* What this task involves
Starting with the line that contains "#1353=LINE('',#1352,#1351);" and stopping after the line that contains "#2078=CARTESIAN_POINT('',(-43.75,-9.,-33.211));", return each line below exactly as written, with no others.

#####

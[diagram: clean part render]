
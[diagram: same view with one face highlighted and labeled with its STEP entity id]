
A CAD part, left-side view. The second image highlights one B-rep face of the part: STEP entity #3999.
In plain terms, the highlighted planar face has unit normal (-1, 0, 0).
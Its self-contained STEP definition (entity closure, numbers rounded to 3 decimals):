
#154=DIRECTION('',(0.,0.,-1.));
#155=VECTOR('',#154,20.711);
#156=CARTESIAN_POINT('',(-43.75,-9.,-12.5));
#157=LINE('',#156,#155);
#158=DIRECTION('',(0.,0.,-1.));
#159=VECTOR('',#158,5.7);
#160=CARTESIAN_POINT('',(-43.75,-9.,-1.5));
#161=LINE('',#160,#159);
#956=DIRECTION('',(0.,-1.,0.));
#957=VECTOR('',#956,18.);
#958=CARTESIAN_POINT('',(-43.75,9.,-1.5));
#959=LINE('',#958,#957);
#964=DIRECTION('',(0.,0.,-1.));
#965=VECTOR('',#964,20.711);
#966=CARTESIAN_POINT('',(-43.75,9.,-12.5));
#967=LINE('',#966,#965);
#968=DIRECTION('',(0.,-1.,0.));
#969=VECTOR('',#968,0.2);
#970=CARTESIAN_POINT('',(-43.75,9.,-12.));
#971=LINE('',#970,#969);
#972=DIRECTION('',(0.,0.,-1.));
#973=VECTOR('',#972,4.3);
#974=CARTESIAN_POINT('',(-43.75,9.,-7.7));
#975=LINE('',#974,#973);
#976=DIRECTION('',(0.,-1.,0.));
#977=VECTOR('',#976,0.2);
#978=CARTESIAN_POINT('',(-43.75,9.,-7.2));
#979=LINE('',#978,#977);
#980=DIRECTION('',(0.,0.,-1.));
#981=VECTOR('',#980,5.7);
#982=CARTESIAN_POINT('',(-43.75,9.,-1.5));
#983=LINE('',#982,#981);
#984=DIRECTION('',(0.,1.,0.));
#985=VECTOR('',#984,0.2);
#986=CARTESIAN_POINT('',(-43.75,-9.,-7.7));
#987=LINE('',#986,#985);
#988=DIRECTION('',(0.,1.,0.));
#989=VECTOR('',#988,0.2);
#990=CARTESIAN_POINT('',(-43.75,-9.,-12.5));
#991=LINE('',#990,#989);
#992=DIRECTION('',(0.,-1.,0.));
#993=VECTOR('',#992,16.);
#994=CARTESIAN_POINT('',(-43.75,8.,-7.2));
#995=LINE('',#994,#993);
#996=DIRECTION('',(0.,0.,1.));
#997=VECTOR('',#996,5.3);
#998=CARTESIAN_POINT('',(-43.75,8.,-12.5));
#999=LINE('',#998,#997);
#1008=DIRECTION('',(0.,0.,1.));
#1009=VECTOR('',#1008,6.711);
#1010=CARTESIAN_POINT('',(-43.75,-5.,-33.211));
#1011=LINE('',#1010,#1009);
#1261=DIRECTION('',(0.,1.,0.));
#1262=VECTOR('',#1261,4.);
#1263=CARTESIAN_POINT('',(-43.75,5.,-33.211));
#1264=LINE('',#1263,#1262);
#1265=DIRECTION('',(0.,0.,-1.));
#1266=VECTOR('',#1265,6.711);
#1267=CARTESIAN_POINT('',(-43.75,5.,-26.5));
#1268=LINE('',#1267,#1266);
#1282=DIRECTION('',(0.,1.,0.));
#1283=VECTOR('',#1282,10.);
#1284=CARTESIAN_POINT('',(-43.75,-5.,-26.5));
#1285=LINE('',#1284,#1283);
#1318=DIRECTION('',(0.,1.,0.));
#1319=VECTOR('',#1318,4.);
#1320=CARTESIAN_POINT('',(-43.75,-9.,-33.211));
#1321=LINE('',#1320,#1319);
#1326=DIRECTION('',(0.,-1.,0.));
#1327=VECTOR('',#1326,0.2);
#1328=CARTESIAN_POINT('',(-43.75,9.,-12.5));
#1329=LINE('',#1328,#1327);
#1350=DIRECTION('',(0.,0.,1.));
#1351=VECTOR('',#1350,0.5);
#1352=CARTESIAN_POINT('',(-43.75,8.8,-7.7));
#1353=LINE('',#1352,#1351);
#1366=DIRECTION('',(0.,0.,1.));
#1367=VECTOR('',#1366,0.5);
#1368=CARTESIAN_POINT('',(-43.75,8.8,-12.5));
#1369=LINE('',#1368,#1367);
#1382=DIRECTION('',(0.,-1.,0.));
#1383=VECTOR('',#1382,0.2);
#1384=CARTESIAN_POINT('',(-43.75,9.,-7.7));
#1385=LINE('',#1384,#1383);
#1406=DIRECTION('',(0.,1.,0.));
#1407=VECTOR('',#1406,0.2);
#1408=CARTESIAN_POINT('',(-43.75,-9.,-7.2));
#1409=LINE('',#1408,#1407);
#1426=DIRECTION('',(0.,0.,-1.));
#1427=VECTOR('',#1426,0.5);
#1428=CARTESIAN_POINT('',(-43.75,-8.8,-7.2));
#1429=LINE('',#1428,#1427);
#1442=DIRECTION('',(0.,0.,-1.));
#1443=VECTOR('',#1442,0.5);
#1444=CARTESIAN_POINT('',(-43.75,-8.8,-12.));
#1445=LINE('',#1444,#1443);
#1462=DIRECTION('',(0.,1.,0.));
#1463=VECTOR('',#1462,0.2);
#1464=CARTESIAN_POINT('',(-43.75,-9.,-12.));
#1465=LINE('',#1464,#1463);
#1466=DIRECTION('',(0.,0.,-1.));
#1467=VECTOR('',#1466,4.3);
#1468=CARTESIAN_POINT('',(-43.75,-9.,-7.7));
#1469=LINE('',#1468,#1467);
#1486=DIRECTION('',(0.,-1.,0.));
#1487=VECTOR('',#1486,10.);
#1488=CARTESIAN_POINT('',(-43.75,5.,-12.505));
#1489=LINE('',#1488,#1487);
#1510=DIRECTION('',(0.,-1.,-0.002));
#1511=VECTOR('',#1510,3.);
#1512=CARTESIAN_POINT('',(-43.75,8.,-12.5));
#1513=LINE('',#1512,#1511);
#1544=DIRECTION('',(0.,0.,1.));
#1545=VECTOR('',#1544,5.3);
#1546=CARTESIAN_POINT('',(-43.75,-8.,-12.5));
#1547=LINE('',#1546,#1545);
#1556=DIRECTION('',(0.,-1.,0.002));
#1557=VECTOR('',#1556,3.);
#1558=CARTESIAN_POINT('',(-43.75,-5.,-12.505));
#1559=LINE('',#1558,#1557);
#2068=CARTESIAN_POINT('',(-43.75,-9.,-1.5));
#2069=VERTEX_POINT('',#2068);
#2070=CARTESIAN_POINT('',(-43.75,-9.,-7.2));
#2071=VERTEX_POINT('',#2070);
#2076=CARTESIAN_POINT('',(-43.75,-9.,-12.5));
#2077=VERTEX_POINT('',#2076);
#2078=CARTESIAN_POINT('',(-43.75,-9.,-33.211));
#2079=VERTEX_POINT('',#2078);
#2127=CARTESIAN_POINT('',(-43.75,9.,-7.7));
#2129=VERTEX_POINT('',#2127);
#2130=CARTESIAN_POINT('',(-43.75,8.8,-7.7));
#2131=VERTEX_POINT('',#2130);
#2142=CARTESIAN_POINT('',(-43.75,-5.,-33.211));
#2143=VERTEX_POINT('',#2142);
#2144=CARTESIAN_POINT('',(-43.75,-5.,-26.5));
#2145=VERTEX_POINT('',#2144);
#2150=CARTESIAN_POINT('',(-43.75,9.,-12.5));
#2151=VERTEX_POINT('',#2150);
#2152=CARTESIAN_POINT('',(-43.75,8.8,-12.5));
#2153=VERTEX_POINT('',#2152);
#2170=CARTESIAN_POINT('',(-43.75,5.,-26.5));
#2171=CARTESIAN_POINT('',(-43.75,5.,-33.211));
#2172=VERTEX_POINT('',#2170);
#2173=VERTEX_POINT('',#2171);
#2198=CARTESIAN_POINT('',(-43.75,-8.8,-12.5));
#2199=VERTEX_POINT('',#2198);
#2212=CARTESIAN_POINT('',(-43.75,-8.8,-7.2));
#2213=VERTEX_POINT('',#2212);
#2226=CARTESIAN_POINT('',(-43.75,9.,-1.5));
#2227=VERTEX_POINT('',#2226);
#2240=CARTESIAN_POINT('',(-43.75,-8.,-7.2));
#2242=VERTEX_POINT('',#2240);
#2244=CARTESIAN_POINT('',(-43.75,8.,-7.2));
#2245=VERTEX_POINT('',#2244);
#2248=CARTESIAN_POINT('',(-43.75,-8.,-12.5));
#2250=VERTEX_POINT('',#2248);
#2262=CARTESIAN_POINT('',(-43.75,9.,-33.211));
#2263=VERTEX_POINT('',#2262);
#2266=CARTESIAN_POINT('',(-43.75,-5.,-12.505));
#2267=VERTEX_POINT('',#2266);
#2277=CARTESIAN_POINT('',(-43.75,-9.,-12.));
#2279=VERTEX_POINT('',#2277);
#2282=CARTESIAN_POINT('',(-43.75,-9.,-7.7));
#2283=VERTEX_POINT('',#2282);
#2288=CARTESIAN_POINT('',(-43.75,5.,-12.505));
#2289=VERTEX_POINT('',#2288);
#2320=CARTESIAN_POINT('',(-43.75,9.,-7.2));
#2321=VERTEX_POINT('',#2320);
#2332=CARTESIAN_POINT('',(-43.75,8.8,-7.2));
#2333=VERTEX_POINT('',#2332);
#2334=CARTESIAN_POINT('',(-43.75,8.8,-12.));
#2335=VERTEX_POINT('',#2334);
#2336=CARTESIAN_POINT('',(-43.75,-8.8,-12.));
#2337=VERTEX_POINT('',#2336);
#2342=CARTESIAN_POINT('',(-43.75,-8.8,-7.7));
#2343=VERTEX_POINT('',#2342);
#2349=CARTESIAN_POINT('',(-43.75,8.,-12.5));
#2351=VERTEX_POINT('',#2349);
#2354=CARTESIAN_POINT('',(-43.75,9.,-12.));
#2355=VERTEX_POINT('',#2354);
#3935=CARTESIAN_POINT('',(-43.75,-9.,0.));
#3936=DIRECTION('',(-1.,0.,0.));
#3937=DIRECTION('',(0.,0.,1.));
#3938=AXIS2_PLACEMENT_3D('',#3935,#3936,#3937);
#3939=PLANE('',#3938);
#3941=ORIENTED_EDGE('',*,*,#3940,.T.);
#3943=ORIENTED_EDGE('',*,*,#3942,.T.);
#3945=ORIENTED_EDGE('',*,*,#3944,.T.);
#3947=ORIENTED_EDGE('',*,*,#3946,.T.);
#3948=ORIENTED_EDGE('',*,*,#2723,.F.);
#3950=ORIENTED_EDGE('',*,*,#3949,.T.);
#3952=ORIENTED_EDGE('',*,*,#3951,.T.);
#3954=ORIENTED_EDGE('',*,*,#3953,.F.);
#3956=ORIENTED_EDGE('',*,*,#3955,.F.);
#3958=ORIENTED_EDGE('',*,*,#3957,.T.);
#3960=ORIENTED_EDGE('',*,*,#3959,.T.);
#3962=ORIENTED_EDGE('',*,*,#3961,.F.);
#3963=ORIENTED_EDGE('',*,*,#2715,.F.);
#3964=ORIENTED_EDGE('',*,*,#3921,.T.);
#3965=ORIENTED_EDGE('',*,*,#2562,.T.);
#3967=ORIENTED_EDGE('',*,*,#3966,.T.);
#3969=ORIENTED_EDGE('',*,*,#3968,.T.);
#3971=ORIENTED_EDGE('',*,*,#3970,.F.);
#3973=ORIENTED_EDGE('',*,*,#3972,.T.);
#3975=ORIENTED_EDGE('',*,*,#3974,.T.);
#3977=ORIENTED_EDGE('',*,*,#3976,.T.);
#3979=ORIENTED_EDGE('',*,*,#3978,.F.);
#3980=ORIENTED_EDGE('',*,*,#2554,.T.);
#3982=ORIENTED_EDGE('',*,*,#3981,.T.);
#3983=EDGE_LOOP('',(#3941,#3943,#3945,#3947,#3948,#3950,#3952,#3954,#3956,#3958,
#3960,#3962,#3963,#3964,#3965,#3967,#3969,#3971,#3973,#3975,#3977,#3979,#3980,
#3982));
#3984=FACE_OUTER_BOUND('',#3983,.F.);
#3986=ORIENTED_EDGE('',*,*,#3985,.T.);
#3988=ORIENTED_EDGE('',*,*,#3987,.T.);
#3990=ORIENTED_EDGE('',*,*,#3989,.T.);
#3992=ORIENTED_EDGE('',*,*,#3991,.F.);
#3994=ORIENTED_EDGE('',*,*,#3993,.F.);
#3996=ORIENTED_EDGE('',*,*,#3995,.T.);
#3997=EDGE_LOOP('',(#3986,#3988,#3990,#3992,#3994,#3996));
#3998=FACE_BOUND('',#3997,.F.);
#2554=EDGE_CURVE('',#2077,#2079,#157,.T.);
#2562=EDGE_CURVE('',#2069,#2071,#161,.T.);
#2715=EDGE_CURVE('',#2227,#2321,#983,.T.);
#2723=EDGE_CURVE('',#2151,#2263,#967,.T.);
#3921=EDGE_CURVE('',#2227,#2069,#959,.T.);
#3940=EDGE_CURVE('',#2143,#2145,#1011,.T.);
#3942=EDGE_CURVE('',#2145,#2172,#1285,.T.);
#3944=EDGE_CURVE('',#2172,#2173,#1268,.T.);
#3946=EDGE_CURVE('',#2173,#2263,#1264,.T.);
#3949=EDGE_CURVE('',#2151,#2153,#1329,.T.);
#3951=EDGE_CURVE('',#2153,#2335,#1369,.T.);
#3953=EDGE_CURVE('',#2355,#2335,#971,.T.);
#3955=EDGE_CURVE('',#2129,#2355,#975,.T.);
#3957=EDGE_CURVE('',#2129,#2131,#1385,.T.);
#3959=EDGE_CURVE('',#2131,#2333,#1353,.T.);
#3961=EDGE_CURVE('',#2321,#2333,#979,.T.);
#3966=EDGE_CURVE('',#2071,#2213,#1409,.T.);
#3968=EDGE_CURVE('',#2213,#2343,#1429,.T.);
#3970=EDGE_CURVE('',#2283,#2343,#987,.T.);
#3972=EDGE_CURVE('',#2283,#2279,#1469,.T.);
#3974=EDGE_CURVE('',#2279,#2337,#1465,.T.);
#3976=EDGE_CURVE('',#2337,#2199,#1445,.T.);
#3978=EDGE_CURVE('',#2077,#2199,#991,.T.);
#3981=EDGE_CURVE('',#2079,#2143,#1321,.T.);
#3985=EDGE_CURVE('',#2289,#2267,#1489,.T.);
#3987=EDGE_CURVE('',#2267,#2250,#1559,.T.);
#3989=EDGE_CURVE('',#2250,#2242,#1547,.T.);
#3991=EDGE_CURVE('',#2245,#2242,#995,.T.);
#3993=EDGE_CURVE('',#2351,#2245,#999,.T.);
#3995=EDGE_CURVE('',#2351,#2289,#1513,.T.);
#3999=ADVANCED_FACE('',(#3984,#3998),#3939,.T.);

#####

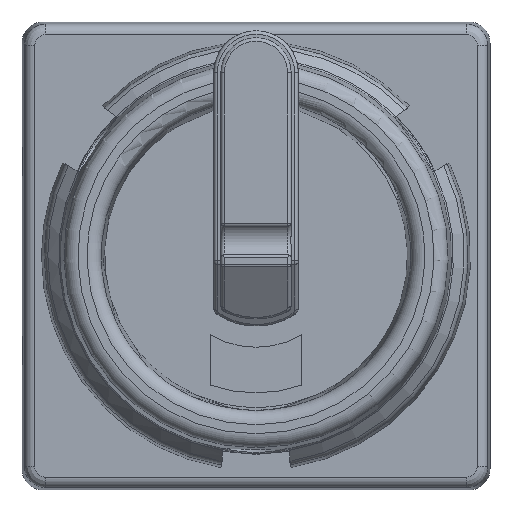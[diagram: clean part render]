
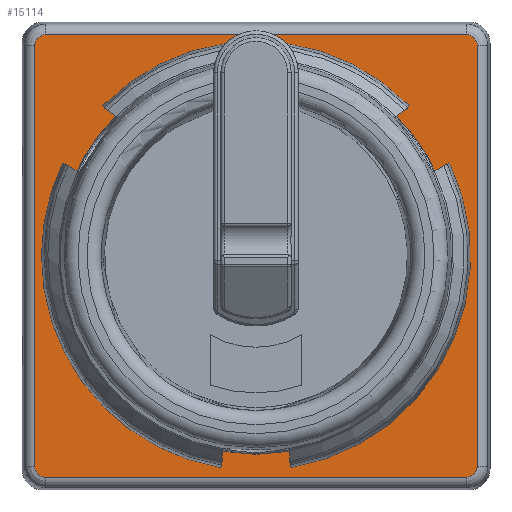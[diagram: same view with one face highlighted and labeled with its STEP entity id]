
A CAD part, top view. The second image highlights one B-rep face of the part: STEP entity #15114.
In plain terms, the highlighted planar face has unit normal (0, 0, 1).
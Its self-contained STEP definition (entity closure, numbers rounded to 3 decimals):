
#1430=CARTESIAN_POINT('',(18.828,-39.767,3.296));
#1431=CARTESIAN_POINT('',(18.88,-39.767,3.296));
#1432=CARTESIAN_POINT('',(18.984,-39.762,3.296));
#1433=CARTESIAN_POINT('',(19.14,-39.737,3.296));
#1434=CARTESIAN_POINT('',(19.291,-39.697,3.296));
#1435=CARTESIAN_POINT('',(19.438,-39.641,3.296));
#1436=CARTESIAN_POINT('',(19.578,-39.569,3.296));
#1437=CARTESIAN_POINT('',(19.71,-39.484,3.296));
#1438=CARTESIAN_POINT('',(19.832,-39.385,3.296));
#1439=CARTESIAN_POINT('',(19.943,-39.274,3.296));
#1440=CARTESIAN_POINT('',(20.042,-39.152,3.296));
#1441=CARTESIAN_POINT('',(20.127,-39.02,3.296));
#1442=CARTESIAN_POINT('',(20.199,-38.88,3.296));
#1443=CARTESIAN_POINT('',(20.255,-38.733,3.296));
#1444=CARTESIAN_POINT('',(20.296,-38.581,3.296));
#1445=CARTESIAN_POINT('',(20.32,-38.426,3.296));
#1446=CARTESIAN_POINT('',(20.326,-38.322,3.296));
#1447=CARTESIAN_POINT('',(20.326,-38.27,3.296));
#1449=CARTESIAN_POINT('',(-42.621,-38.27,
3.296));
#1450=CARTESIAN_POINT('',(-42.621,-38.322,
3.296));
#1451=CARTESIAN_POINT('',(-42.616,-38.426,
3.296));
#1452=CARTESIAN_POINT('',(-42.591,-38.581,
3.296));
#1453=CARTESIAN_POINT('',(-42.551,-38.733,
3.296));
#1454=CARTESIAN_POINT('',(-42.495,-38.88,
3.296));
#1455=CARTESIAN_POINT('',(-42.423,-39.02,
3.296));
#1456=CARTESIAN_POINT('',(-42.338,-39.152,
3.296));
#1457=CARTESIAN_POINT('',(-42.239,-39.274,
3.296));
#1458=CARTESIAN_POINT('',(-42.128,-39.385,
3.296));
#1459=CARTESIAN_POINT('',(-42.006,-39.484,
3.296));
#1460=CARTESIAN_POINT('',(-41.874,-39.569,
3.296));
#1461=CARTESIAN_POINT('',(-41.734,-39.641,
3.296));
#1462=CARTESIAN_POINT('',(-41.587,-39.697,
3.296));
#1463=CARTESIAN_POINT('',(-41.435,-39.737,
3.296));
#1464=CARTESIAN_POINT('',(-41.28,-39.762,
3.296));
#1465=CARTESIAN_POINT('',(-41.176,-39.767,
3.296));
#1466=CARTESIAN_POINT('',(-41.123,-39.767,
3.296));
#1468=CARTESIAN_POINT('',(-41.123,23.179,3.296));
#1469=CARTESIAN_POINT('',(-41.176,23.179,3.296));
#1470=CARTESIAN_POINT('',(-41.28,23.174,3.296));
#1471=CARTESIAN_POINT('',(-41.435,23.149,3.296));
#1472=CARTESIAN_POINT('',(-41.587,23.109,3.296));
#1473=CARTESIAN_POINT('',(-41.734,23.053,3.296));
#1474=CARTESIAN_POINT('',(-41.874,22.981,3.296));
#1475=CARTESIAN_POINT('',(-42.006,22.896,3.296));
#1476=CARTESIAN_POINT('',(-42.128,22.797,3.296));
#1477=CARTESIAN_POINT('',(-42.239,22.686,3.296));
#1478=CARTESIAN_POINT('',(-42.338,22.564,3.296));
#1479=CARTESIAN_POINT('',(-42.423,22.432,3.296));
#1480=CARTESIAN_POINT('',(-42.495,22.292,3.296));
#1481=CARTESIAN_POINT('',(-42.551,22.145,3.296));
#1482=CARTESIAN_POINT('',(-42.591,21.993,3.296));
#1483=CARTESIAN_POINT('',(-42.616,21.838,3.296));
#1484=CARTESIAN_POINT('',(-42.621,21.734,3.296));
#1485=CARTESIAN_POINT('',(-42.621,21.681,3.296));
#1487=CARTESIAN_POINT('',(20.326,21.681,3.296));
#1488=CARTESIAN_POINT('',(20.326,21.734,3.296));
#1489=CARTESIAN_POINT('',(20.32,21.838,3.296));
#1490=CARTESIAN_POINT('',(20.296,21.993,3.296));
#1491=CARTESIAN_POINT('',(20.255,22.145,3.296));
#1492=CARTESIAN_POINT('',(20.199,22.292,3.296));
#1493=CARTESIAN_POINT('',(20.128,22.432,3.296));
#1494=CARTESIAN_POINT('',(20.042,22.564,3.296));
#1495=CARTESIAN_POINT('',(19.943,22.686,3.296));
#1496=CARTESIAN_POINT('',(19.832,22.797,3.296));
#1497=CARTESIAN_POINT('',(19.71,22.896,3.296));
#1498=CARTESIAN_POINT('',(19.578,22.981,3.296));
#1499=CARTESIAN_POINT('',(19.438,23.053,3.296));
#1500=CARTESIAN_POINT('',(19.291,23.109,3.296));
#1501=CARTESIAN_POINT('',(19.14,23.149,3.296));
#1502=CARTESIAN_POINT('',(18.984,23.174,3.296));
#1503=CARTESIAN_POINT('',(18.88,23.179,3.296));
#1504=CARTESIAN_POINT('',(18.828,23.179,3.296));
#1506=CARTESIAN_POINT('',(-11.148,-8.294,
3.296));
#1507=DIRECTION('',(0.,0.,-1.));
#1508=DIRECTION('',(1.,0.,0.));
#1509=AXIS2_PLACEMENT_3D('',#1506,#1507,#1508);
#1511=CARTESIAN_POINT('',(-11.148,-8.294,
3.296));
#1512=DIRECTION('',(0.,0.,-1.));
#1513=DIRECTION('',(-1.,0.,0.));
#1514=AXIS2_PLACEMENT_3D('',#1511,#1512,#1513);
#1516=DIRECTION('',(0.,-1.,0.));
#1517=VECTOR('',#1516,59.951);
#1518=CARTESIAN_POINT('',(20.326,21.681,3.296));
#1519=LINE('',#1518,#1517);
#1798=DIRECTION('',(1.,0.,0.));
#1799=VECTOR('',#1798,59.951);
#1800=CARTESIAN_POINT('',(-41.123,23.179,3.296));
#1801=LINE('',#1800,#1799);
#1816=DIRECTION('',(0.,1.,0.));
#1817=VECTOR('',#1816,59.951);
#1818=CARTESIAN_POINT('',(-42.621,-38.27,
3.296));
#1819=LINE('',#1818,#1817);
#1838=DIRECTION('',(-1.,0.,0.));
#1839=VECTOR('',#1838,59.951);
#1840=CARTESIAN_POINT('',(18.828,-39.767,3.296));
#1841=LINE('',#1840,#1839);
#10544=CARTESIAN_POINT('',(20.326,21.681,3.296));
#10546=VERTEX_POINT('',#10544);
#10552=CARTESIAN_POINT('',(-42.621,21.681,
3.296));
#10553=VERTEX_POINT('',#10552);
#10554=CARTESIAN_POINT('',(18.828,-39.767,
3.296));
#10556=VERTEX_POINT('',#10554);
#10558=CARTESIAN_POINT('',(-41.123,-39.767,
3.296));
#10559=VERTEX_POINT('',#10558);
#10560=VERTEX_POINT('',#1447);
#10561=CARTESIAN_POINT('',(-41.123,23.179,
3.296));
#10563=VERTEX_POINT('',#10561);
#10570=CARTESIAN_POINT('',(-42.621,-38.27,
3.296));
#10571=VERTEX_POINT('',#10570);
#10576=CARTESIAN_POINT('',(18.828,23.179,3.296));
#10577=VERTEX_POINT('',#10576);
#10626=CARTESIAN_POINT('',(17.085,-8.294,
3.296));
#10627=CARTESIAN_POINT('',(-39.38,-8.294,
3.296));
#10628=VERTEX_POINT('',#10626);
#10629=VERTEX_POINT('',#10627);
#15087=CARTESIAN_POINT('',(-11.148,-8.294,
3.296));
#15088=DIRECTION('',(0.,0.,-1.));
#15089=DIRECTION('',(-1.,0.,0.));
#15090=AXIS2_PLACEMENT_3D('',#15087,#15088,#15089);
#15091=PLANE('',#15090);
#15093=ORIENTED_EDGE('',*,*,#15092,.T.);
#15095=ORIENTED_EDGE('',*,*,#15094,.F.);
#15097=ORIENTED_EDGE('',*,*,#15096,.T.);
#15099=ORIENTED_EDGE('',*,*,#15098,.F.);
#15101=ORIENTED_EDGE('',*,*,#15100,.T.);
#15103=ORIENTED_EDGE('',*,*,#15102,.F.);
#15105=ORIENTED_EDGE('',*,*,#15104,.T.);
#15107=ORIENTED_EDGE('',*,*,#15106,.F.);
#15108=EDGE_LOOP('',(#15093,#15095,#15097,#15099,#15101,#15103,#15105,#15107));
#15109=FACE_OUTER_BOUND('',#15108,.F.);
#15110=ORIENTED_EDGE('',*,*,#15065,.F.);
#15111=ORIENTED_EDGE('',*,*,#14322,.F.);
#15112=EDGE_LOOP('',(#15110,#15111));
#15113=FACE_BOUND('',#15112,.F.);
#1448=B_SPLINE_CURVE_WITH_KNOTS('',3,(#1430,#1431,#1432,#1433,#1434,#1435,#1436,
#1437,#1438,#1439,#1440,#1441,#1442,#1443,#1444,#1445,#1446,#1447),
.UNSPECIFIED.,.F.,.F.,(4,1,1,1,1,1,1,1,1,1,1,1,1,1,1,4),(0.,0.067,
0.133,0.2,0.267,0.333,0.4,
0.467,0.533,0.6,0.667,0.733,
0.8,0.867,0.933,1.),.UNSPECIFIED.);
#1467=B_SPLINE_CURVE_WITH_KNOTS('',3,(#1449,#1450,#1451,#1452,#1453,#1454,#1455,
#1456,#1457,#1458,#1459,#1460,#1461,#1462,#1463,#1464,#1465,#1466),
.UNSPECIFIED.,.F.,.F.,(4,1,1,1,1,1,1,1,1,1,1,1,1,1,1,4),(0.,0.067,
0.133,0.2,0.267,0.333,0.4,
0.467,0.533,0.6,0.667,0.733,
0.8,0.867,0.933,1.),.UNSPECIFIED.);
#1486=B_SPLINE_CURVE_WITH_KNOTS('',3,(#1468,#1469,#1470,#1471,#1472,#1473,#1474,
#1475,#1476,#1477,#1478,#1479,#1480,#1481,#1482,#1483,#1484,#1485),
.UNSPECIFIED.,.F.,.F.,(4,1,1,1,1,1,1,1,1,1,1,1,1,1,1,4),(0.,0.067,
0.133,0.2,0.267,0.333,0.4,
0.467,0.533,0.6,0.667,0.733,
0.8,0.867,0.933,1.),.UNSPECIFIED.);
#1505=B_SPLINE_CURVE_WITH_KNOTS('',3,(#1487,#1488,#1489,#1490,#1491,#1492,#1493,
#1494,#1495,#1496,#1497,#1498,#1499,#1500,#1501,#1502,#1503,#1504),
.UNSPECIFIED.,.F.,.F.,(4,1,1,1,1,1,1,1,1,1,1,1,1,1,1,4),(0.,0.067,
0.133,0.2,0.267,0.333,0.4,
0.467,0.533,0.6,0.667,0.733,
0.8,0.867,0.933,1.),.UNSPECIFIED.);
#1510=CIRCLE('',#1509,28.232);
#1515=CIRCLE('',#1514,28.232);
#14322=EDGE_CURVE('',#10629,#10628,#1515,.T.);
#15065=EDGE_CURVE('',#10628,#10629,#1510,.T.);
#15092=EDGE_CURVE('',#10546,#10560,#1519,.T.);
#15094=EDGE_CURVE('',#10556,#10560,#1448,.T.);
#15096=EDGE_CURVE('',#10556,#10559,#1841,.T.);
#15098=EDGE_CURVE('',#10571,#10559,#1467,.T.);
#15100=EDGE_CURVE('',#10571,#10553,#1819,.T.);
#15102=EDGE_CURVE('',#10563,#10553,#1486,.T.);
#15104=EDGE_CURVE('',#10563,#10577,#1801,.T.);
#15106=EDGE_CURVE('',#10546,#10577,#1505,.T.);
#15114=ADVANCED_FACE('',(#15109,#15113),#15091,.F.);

#####

* Response for this exercise
#1353=LINE('',#1352,#1351);
#1366=DIRECTION('',(0.,0.,1.));
#1367=VECTOR('',#1366,0.5);
#1368=CARTESIAN_POINT('',(-43.75,8.8,-12.5));
#1369=LINE('',#1368,#1367);
#1382=DIRECTION('',(0.,-1.,0.));
#1383=VECTOR('',#1382,0.2);
#1384=CARTESIAN_POINT('',(-43.75,9.,-7.7));
#1385=LINE('',#1384,#1383);
#1406=DIRECTION('',(0.,1.,0.));
#1407=VECTOR('',#1406,0.2);
#1408=CARTESIAN_POINT('',(-43.75,-9.,-7.2));
#1409=LINE('',#1408,#1407);
#1426=DIRECTION('',(0.,0.,-1.));
#1427=VECTOR('',#1426,0.5);
#1428=CARTESIAN_POINT('',(-43.75,-8.8,-7.2));
#1429=LINE('',#1428,#1427);
#1442=DIRECTION('',(0.,0.,-1.));
#1443=VECTOR('',#1442,0.5);
#1444=CARTESIAN_POINT('',(-43.75,-8.8,-12.));
#1445=LINE('',#1444,#1443);
#1462=DIRECTION('',(0.,1.,0.));
#1463=VECTOR('',#1462,0.2);
#1464=CARTESIAN_POINT('',(-43.75,-9.,-12.));
#1465=LINE('',#1464,#1463);
#1466=DIRECTION('',(0.,0.,-1.));
#1467=VECTOR('',#1466,4.3);
#1468=CARTESIAN_POINT('',(-43.75,-9.,-7.7));
#1469=LINE('',#1468,#1467);
#1486=DIRECTION('',(0.,-1.,0.));
#1487=VECTOR('',#1486,10.);
#1488=CARTESIAN_POINT('',(-43.75,5.,-12.505));
#1489=LINE('',#1488,#1487);
#1510=DIRECTION('',(0.,-1.,-0.002));
#1511=VECTOR('',#1510,3.);
#1512=CARTESIAN_POINT('',(-43.75,8.,-12.5));
#1513=LINE('',#1512,#1511);
#1544=DIRECTION('',(0.,0.,1.));
#1545=VECTOR('',#1544,5.3);
#1546=CARTESIAN_POINT('',(-43.75,-8.,-12.5));
#1547=LINE('',#1546,#1545);
#1556=DIRECTION('',(0.,-1.,0.002));
#1557=VECTOR('',#1556,3.);
#1558=CARTESIAN_POINT('',(-43.75,-5.,-12.505));
#1559=LINE('',#1558,#1557);
#2068=CARTESIAN_POINT('',(-43.75,-9.,-1.5));
#2069=VERTEX_POINT('',#2068);
#2070=CARTESIAN_POINT('',(-43.75,-9.,-7.2));
#2071=VERTEX_POINT('',#2070);
#2076=CARTESIAN_POINT('',(-43.75,-9.,-12.5));
#2077=VERTEX_POINT('',#2076);
#2078=CARTESIAN_POINT('',(-43.75,-9.,-33.211));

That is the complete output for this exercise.